Let’s first make clear the meaning of the outcomes columns:
- The “rule” column and the “abs_coef” column are self-explanatory.
- The “type” column has two unique values: “linear” and “rule”. The “linear” denotes the unique input features, while “rule” denotes the “IF-THEN” conditions generated from decision trees.
- The “coef” column represents the coefficients produced by the Lasso regression evaluation. A positive value indicates that if the rule applies, the log-odds of being classified because the abnormal class increases. A bigger magnitude indicates a stronger influence of that rule on the prediction.
- The “support” column records the fraction of knowledge samples where the rule applies.
- The “importance” column is calculated as absolutely the value of the coefficient multiplied by the usual deviation of the binary (0 or 1) values that the rule takes on. So why this calculation? As we have now just discussed, a bigger absolute coefficient means a stronger direct impact on the log-odds. That’s clear. For the usual deviation term, it effectively measures the “discriminative power” of the principles. For instance, if a rule is nearly all the time TRUE (very small standard deviation), it doesn’t split your data effectively. The identical holds if the rule is nearly all the time FALSE. In other words, the rule cannot much of the variation within the goal variable. Subsequently, the importance rating combines each the strength of the rule’s impact (coefficient magnitude) and the way well it discriminates between different samples (standard deviation).

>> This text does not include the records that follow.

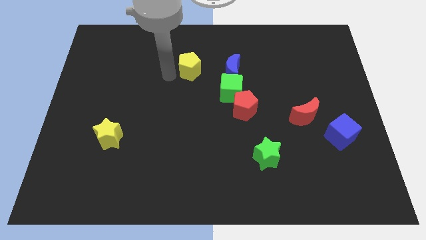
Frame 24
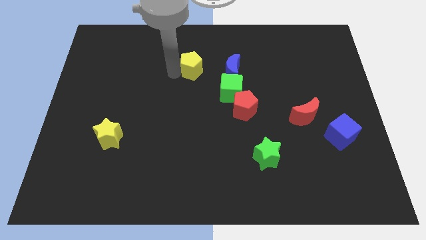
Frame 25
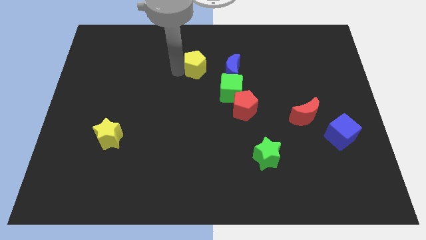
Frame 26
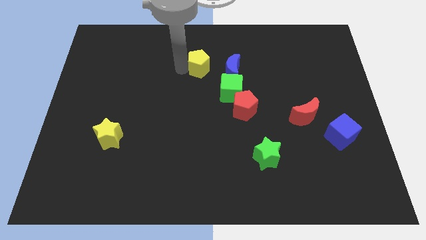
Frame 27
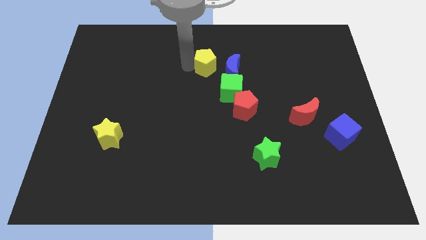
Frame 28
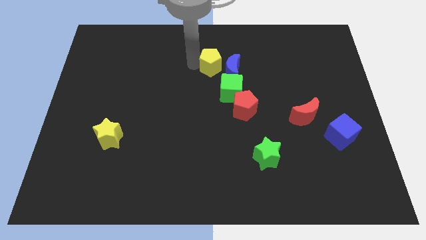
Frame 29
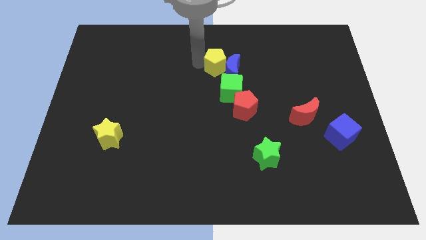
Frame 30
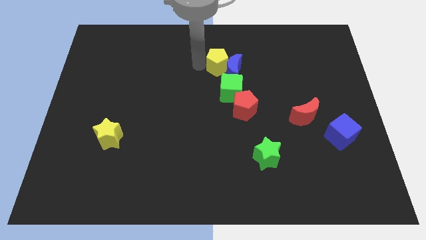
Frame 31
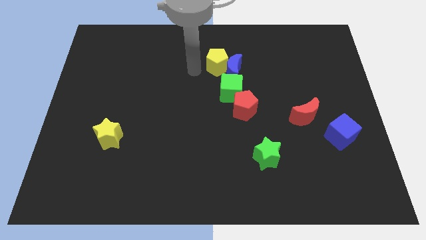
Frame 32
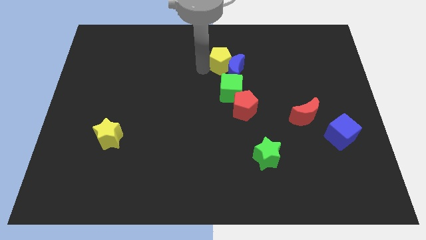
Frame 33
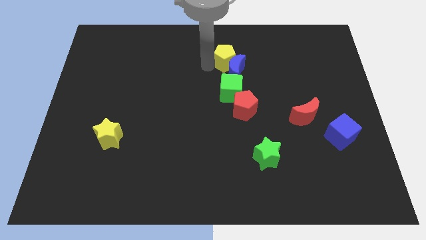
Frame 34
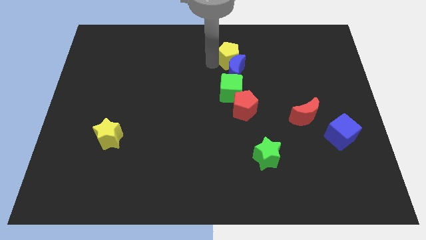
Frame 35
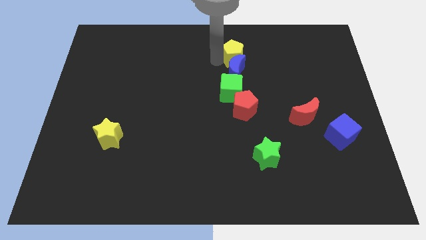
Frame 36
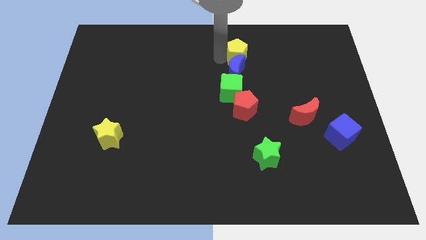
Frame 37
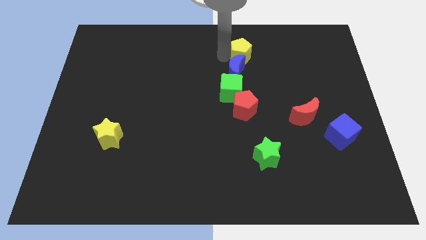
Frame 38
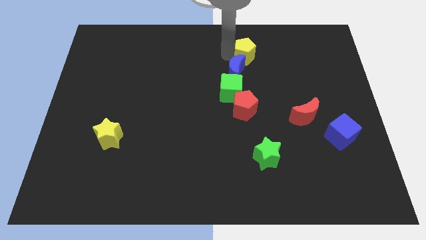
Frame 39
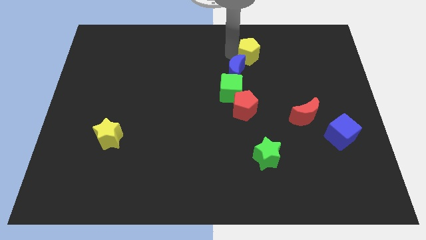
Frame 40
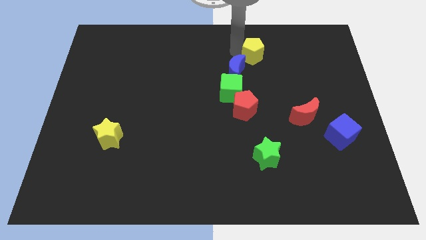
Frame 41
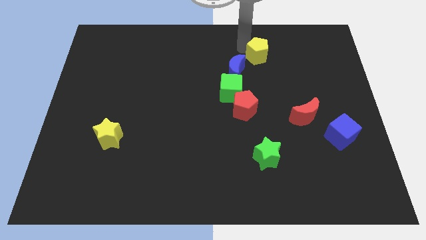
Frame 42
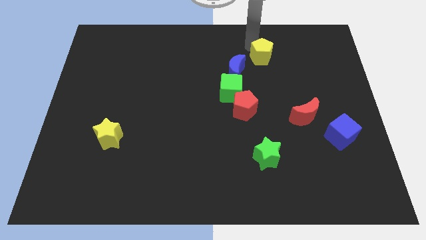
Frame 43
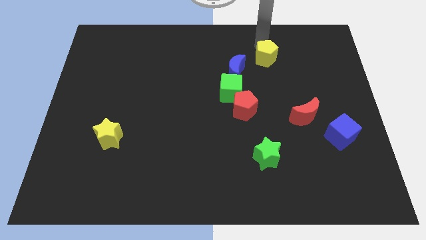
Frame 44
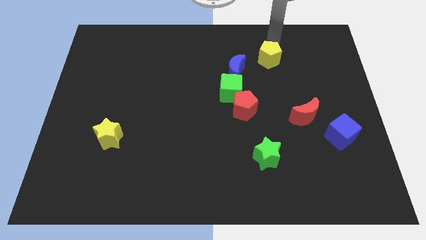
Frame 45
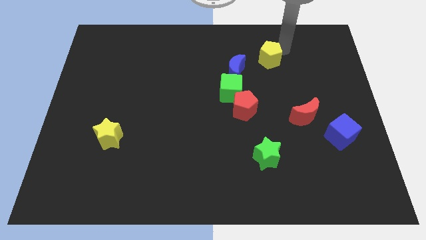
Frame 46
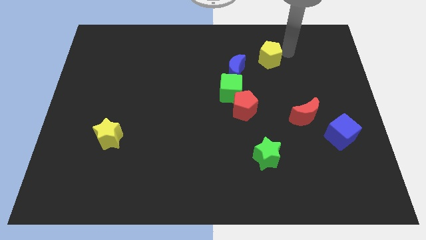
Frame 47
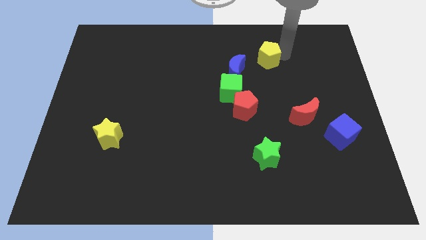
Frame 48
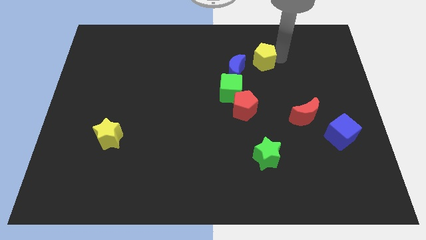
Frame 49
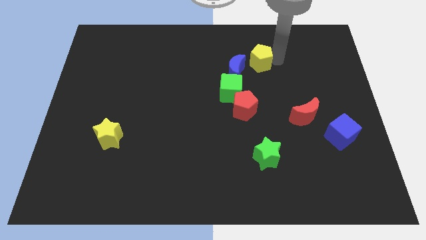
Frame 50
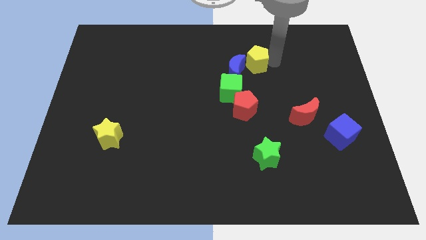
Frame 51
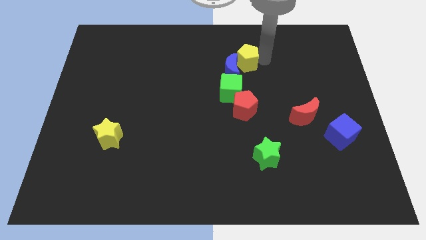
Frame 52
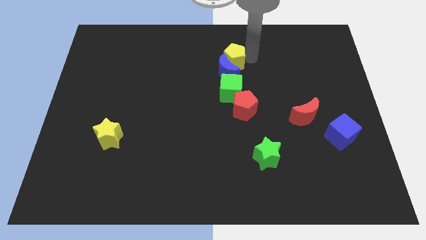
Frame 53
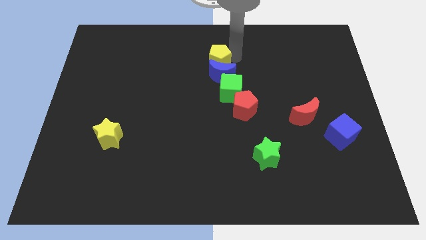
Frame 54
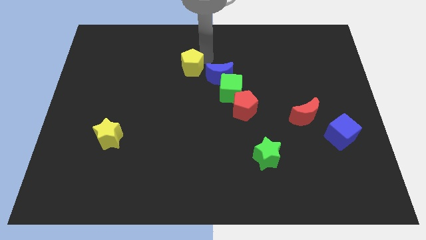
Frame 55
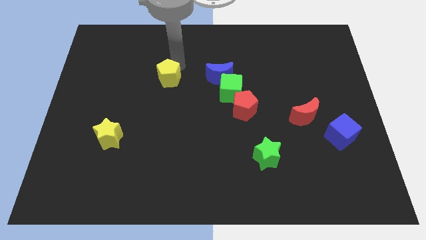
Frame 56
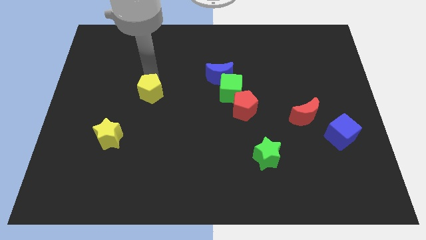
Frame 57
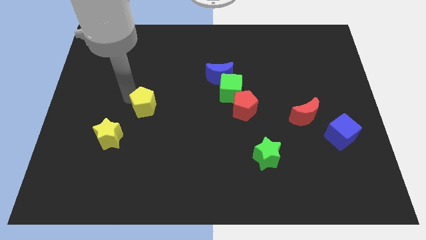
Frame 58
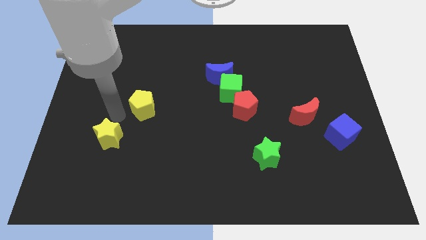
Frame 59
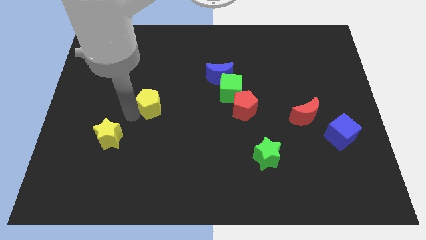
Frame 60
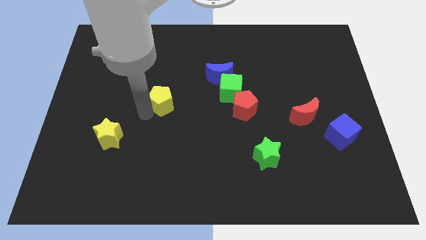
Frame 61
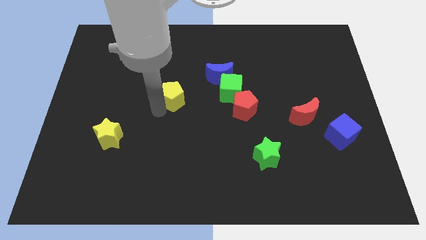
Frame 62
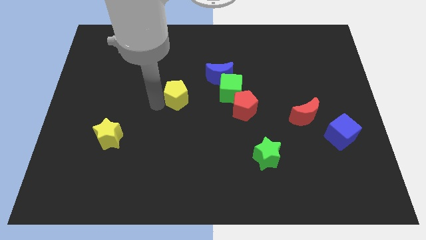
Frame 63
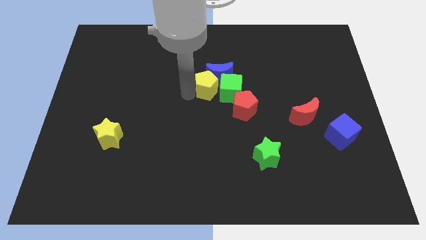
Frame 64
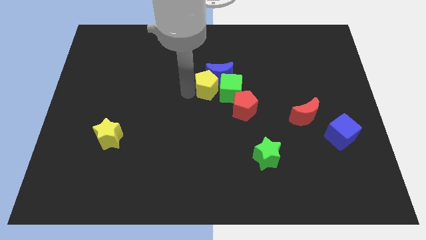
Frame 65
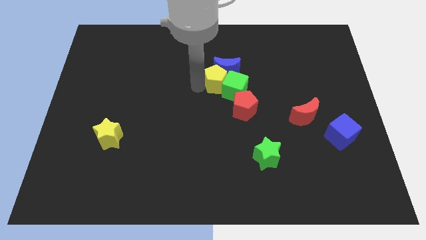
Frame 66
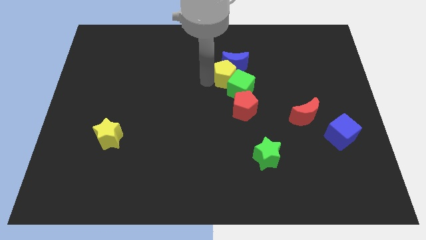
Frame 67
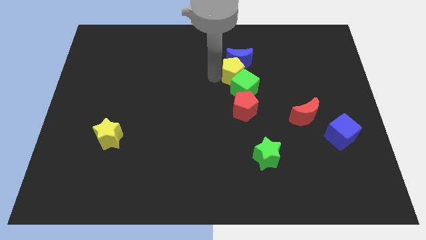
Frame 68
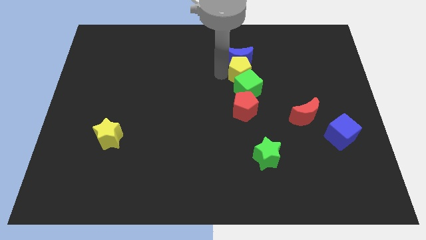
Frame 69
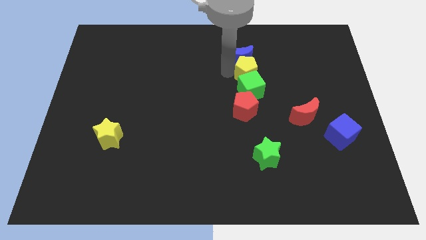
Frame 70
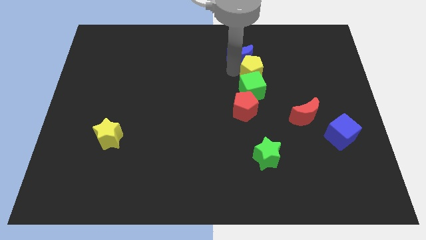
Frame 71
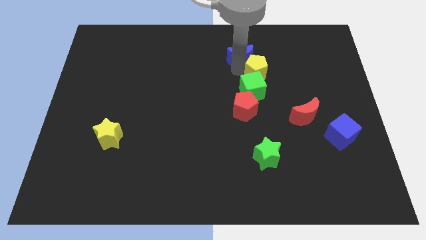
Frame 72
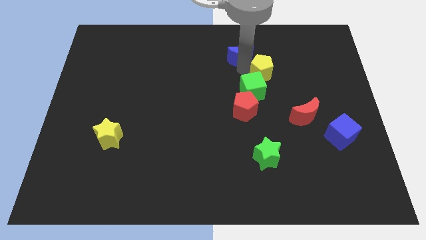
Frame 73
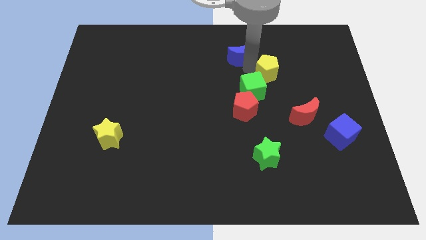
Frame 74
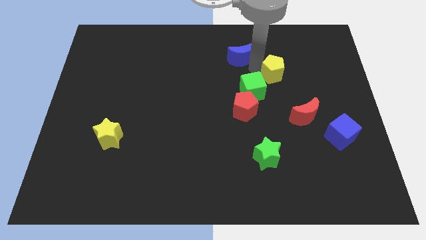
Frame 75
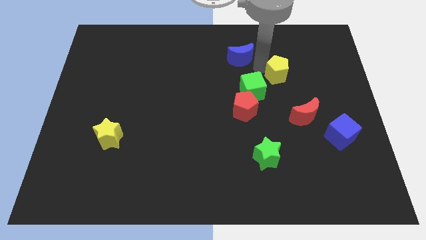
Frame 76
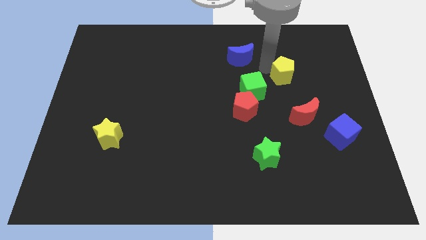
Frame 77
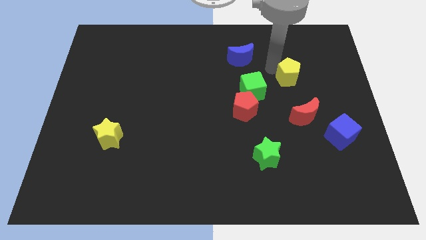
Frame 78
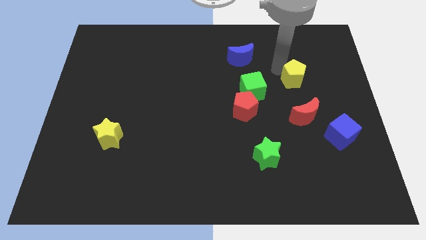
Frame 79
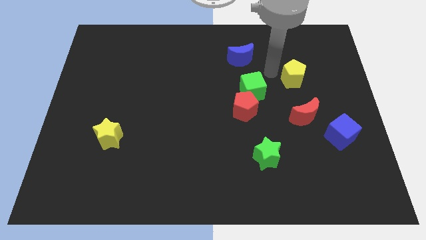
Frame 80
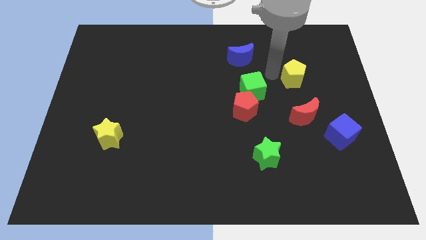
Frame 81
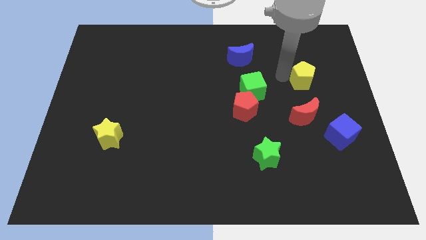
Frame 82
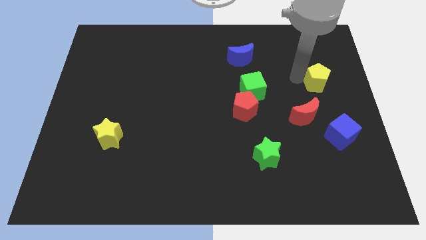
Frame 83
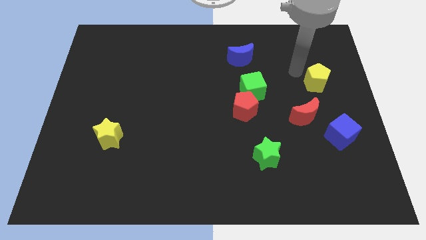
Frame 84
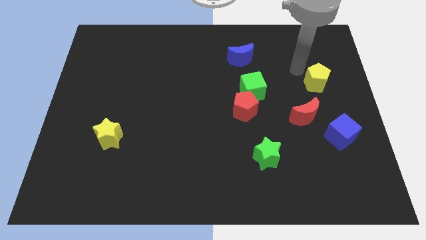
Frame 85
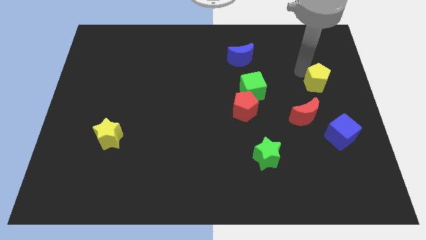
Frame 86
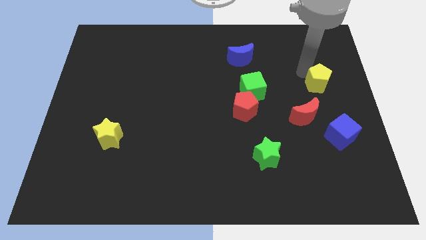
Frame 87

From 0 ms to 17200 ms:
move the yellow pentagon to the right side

For our specific case, we see just one high-impact rule (Rule #24):
(Note that exp(4.448999) ~= 85)
Rules #26 and #27 are inside Rule #24. That is common in practice, as RuleFit often produces “families” of comparable rules because they arrive from neighbouring tree splits. Subsequently, the one rule that really matters for characterizing the LOF-identified anomalies is Rule #24.
Also, we see that the support for Rule #24 is 0.1667 (5/30). This effectively implies that all 5 LOF-identified anomalies might be explained by this rule. We are able to see that more clearly within the figure below:

There you’ve gotten it: the rule to explain the identified anomalies!
3. Conclusion
On this blog post, we explored the RuleFit algorithm as a strong solution for explainable anomaly detection. We discussed:
- How it really works: A two-step approach where decision trees are first fitted to derive meaningful rules, followed by a sparse linear regression to rank the rule importance.
- apply to anomaly explanation: Use the detection results because the pseudo labels and use them because the “goal end result” for the RuleFit model.
With RuleFit in your modeling toolkit, the subsequent time stakeholders ask “Why is that this anomaly?”, you’ll have concrete IF-THEN rules that they will understand and act upon.
Reference
[1] Jerome H. Friedman, Bogdan E. Popescu, Predictive learning via rule ensembles, arXiv, 2008.
[2] Fisher, R. A., Iris [Data set]. UCI Machine Learning Repository, 1936.